§ **Exercise data**
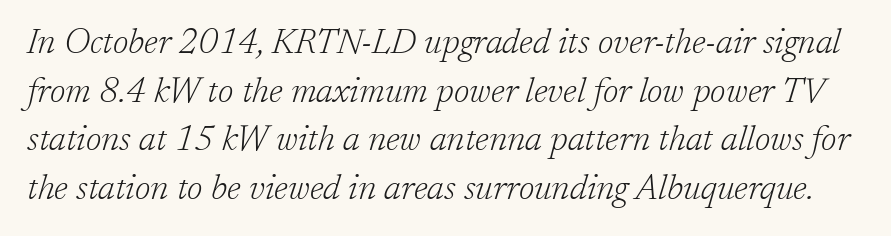
{"serif": "yes", "italic": "yes", "lean": "right", "slant_degrees": 17, "bold": "no", "weight": "light", "width": "normal", "stroke_contrast": "low", "x_height": "medium", "monospaced": "no", "underline": "no", "line_spacing": "normal", "line_spacing_ratio": 1.39, "letter_spacing": "normal", "letter_spacing_em": 0.0, "glyph_px": 35}
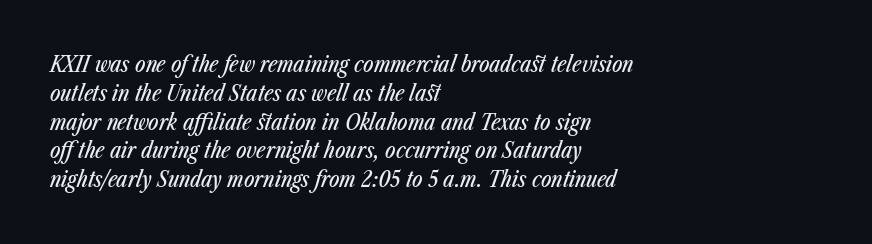
The passage shown leans; its letterforms are oblique. Has an underline been added? It has not. What's the leading like? Ordinary, nothing unusual. Where is the straight margin? On the left.
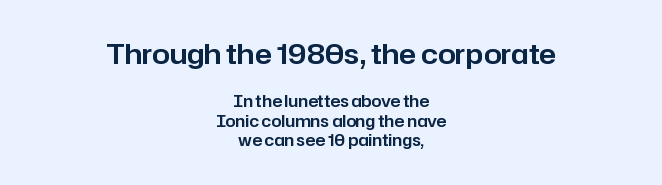
The image shows 28 px sans-serif type, upright; set centered, line spacing 1.21x, normal letter spacing, not underlined; the first (top) block is 1.75x larger; low stroke contrast and a medium x-height.
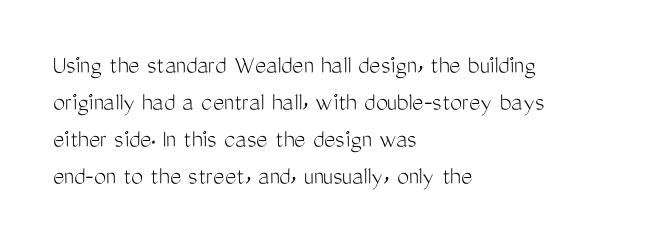
Q: Is the text bold? A: No.
Q: Is the text italic (slanted)? A: No, it is upright.
Q: Is the text underlined? A: No.
Q: How is the paragraph aligned? A: Left-aligned.
Q: Is the spacing between letters normal or unusually wide? A: Normal.
Q: Is the spacing between lines tight, normal or loose? A: Normal.
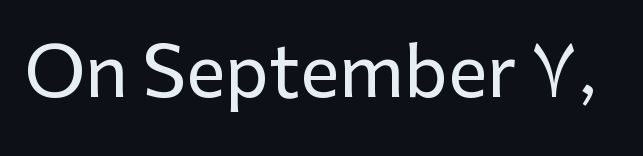
Q: Is the text italic (slanted)? A: No, it is upright.
Q: Is the typeface a serif or a sans-serif typeface? A: Sans-serif.
Q: Is the text underlined? A: No.
Q: Is the spacing between letters normal or unusually wide? A: Normal.
Q: Width (condensed, normal, or wide)? A: Normal.
Q: Stroke contrast? A: Low.
Q: x-height? A: Medium.
Q: Monospaced? A: No.
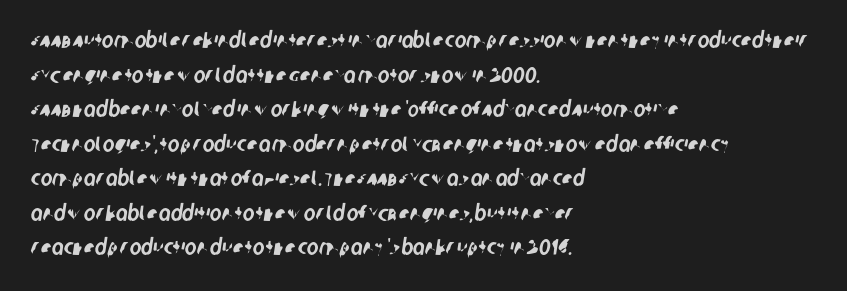
The space between consecutive lines is moderate. The type is set solid horizontally, with unmodified tracking. The passage is arranged the way most books set body copy — flush left. A bare baseline throughout the passage.
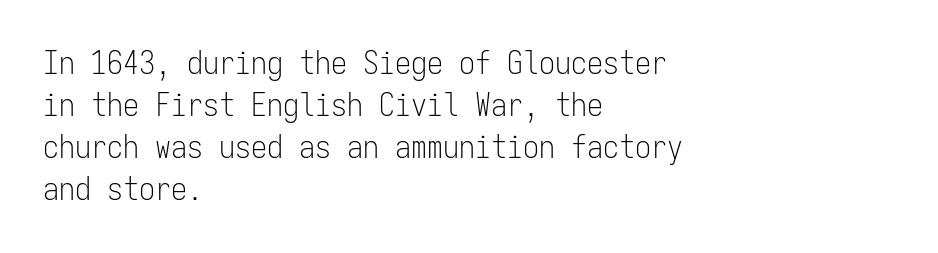
Q: Is the text bold? A: No.
Q: Is the text italic (slanted)? A: No, it is upright.
Q: Is the typeface a serif or a sans-serif typeface? A: Sans-serif.
Q: Is the text underlined? A: No.
Q: How is the paragraph aligned? A: Left-aligned.
Q: Is the spacing between letters normal or unusually wide? A: Normal.
Q: Is the spacing between lines tight, normal or loose? A: Normal.
Q: Width (condensed, normal, or wide)? A: Condensed.
Q: Stroke contrast? A: Low.
Q: x-height? A: Medium.
Q: Monospaced? A: Yes.
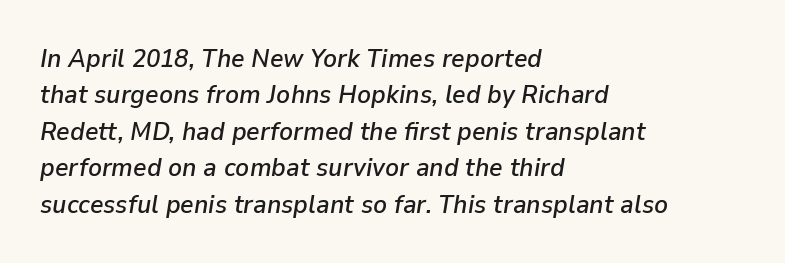
The image shows 26 px text type, italic (leaning right); set left-aligned, normal line spacing (1.4x), normal letter spacing, not underlined.
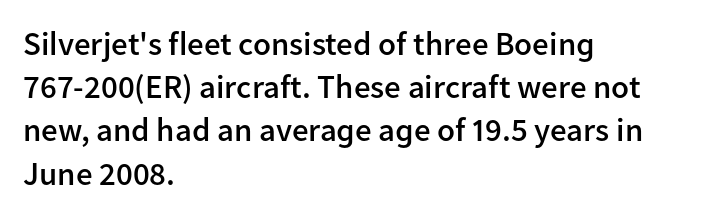
Q: Is the text bold? A: Semi-bold.
Q: Is the text italic (slanted)? A: No, it is upright.
Q: Is the typeface a serif or a sans-serif typeface? A: Sans-serif.
Q: Is the text underlined? A: No.
Q: How is the paragraph aligned? A: Left-aligned.
Q: Is the spacing between letters normal or unusually wide? A: Normal.
Q: Is the spacing between lines tight, normal or loose? A: Normal.
Q: Width (condensed, normal, or wide)? A: Normal.
Q: Stroke contrast? A: Low.
Q: x-height? A: Medium.
Q: Monospaced? A: No.

§ **To do**
Exact text is required for the lines from the one with "Q: Monospaced? A: Yes." through the last line of the entries, both included. Omit pictures.

§ **Expected answer**
Q: Monospaced? A: Yes.
The image shows 26 px text type, italic (leaning right); set left-aligned, normal line spacing (1.4x), normal letter spacing, not underlined.
Q: Is the text bold? A: Semi-bold.
Q: Is the text italic (slanted)? A: No, it is upright.
Q: Is the typeface a serif or a sans-serif typeface? A: Sans-serif.
Q: Is the text underlined? A: No.
Q: How is the paragraph aligned? A: Left-aligned.
Q: Is the spacing between letters normal or unusually wide? A: Normal.
Q: Is the spacing between lines tight, normal or loose? A: Normal.
Q: Width (condensed, normal, or wide)? A: Normal.
Q: Stroke contrast? A: Low.
Q: x-height? A: Medium.
Q: Monospaced? A: No.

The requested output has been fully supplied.